"Thunder" - what is it, definition of the term
Thunder is the audible shock wave generated when a lightning discharge rapidly heats the surrounding air to temperatures around 30 000 °C, causing instantaneous expansion and creating a pressure pulse that propagates through the atmosphere as sound; the resulting acoustic event comprises a complex spectrum of frequencies, lasts from fractions of a second to several seconds, and varies in intensity with distance from the discharge source.
Detailed information
The acoustic phenomenon that follows a lightning discharge originates from rapid expansion of heated air. Temperatures can exceed 30,000 °C, causing a shock wave that propagates outward at supersonic speeds before slowing to the speed of sound. The resulting pressure pulse creates a sharp crack, often followed by a low‑frequency rumble as the wave reflects off terrain and atmospheric layers.
Key characteristics include:
- Peak overpressure reaching several kilopascals near the source, diminishing with distance according to an inverse‑square law.
- Frequency spectrum dominated by low frequencies (20–200 Hz) that travel farther than higher tones.
- Temporal structure composed of an initial “clap” lasting milliseconds, succeeded by a series of reverberations lasting several seconds.
Measurement relies on barometric microphones and high‑speed pressure transducers. Data are expressed in decibels relative to 20 µPa, with values above 120 dB capable of causing temporary hearing loss. Atmospheric conditions—temperature gradients, humidity, wind shear—modify wave speed and attenuation, influencing perceived intensity.

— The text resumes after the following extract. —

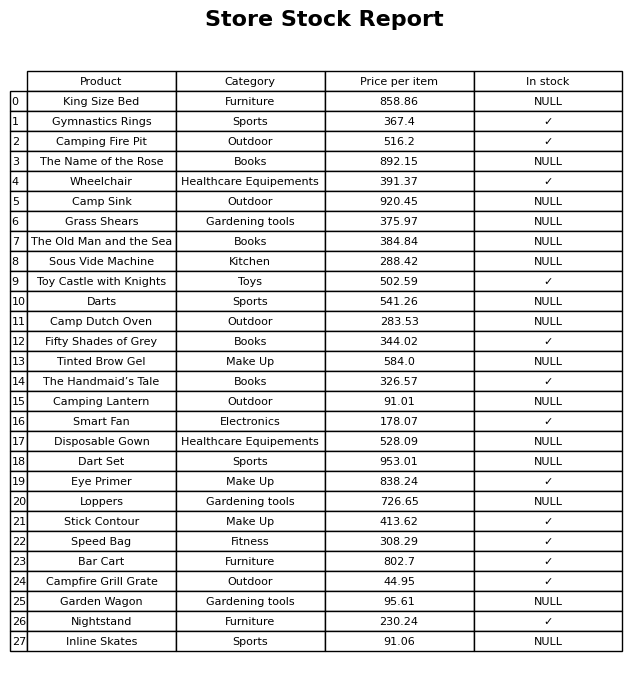
question: What is the stock status of the Smart Fan?
answer: ✓

Biological impact extends to small arthropods. The sudden pressure change can:
- Displace ticks from vegetation, reducing host‑seeking activity.
- Disorient winged bugs, causing temporary loss of flight control.
- Interrupt the life cycle of lice by scattering eggs and nymphs across surfaces.
- Dislodge fleas from host fur, decreasing immediate infestation pressure.
Safety recommendations: seek shelter before the flash, avoid open fields, and protect hearing with earplugs if exposure exceeds 130 dB. Continuous monitoring of atmospheric electricity assists in forecasting the occurrence and severity of the acoustic event.